Exercise prompt:
Below are entries with pictures in them. Output exactly the lines starting at the line with "Vraag: Wat is" and ending at the line with "Antwoord: ECLI:NL:GHSGR:2006:AY6452", both included, but not the pictures.

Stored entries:

====

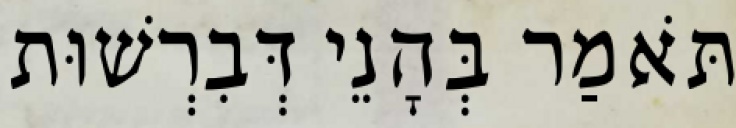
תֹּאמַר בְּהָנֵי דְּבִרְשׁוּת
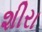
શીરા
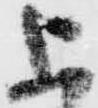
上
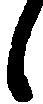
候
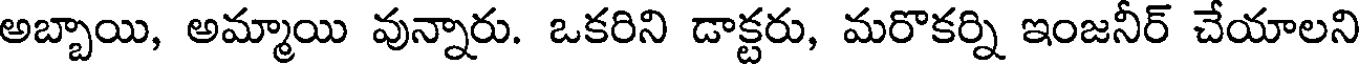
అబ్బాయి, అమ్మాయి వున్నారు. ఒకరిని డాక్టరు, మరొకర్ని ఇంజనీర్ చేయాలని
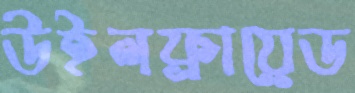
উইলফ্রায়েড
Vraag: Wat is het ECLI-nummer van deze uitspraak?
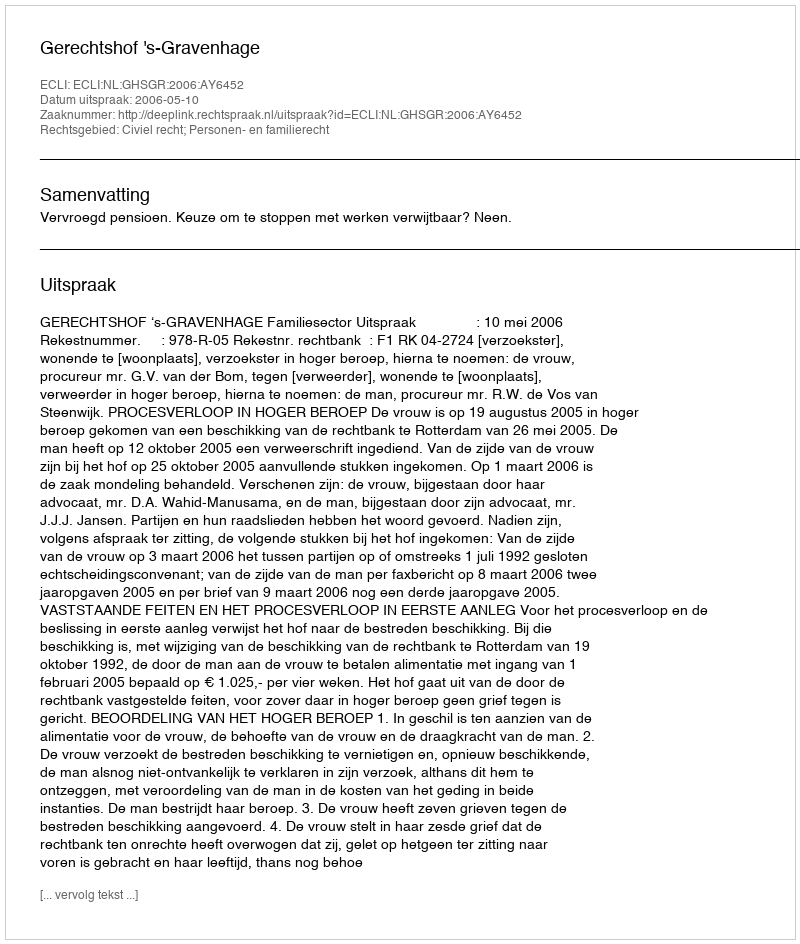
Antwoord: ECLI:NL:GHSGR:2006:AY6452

====

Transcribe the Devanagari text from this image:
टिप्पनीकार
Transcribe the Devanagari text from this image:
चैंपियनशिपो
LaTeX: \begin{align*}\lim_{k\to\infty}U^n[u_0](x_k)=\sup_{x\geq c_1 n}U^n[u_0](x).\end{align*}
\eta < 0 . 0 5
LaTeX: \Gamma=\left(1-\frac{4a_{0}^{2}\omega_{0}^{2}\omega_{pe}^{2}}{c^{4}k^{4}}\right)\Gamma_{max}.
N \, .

====

Response to this exercise:
Vraag: Wat is het ECLI-nummer van deze uitspraak?
Antwoord: ECLI:NL:GHSGR:2006:AY6452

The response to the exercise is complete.